--- Material for this exercise Enclosed Below ---

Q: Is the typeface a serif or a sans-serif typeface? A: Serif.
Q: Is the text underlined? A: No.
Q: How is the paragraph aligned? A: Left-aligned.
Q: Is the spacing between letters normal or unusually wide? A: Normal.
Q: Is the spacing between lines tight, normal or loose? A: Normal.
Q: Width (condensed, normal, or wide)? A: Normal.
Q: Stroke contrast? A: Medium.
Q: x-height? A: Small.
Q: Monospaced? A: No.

--- End of Enclosed Material for this exercise ---

# Requirement:
Copy from the entries only those lines that hold the word "wide".

# Exercise output:
Q: Is the spacing between letters normal or unusually wide? A: Normal.
Q: Width (condensed, normal, or wide)? A: Normal.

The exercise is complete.